Have you ever looked at your child’s math homework and wondered why it looks so different than what you learned in school? **Have you wondered what this “new math” is all about?**

**There is No New Math**

Well, the **truth is there is no new math**. We still teach many of the things that you and I learned, however, in the years since we graduated from elementary school **we have learned a lot about the way students learn.**

**What About Multiplication**

Take multiplication for instance, many of us were taught to multiply, carry, regroup, place a zero to hold our space, and so on. This method worked for some, but didn’t make sense to most.

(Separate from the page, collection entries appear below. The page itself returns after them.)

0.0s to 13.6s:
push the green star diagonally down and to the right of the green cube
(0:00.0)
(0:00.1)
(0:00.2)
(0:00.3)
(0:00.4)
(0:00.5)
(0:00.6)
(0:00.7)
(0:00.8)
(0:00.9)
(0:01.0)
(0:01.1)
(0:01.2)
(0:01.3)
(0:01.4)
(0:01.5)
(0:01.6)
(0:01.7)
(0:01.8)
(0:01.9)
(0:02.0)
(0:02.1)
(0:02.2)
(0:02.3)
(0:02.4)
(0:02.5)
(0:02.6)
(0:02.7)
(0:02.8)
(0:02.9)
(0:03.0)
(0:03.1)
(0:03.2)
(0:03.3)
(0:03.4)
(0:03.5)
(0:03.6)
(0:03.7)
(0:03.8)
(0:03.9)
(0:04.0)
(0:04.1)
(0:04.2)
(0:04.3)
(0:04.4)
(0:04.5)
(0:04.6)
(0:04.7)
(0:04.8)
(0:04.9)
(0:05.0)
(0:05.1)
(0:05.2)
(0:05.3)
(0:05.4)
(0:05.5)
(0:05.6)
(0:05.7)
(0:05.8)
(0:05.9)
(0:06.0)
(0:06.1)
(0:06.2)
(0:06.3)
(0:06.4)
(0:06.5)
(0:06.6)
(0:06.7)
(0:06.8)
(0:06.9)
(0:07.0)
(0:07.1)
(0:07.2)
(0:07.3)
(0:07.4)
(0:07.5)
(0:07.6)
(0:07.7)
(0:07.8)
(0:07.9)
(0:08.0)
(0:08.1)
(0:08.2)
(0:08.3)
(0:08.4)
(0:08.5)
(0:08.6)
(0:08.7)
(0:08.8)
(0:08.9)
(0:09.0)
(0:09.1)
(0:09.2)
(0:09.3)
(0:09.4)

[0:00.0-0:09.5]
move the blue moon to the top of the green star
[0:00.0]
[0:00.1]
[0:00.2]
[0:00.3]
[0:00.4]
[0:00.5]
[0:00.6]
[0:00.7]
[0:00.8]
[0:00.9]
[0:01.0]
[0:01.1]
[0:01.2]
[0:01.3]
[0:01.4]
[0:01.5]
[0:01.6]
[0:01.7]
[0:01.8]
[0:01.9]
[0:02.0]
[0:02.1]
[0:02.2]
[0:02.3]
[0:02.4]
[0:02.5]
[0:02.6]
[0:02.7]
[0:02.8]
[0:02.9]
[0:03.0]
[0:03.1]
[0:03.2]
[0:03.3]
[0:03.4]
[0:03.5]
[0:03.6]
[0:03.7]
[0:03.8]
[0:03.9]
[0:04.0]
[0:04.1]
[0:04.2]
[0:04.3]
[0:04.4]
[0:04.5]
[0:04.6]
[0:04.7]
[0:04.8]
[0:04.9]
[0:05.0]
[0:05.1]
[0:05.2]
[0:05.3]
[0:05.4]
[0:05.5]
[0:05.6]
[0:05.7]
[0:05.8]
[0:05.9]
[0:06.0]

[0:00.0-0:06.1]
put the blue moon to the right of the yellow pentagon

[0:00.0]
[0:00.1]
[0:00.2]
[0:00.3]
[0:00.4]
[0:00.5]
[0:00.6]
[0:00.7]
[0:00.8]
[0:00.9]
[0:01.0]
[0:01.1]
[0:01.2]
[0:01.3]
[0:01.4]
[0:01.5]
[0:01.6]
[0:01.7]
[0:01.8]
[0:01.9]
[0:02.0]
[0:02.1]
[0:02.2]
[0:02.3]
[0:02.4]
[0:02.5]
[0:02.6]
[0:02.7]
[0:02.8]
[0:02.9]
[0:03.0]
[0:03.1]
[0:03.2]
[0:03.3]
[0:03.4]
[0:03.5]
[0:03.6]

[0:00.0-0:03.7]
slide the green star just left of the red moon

Math educators and researchers have studied these methods and the way students learn to find additional ways to help students. **What we have learned is that multiple representations and multiple approaches create a deep conceptual understanding that will help students be more successful in elementary school** math and beyond.

**How We Look at Multiplication in the Classroom**

Let’s look at an example of multiplication. Below you will see several different examples of multiplying using the “Partial Products” strategy. **Partial Products is a strategy that involves multiplying by breaking down the numbers into either place value or manageable chunks.** The first two examples show multiplying by place value recorded slightly differently. The third example shows breaking the number into friendly or manageable chunks.

By thinking of multiplication this way, **students are able to gain a deeper understanding of multiplication.** They focus on the properties of multiplication that were often not taught until middle school.

**Understanding Math Rather than Just Doing Math **

Once students have an understanding of multiplication and are fluent with the properties of multiplication, they are then introduced to the US Standard Algorithm of Multiplication. This allows students to have a conceptual understanding of multiplication and make sense of the short cut notation used in the US Standard Algorithm.

**Let’s compare one of the examples of Partial Products and the US Standard Algorithm.**

Where is the 175 from the US Standard Algorithm in the Partial Products model? Where is the 250 from the US Standard Algorithm in the Partial Products model?

**Creating a Deeper Understanding of Math**

Our hope is that with this approach students have a deeper understanding of multiplication and have a better understanding of the US Standard Algorithm. This strong foundation of math understanding will support student’s future work in higher level math throughout middle school and high school.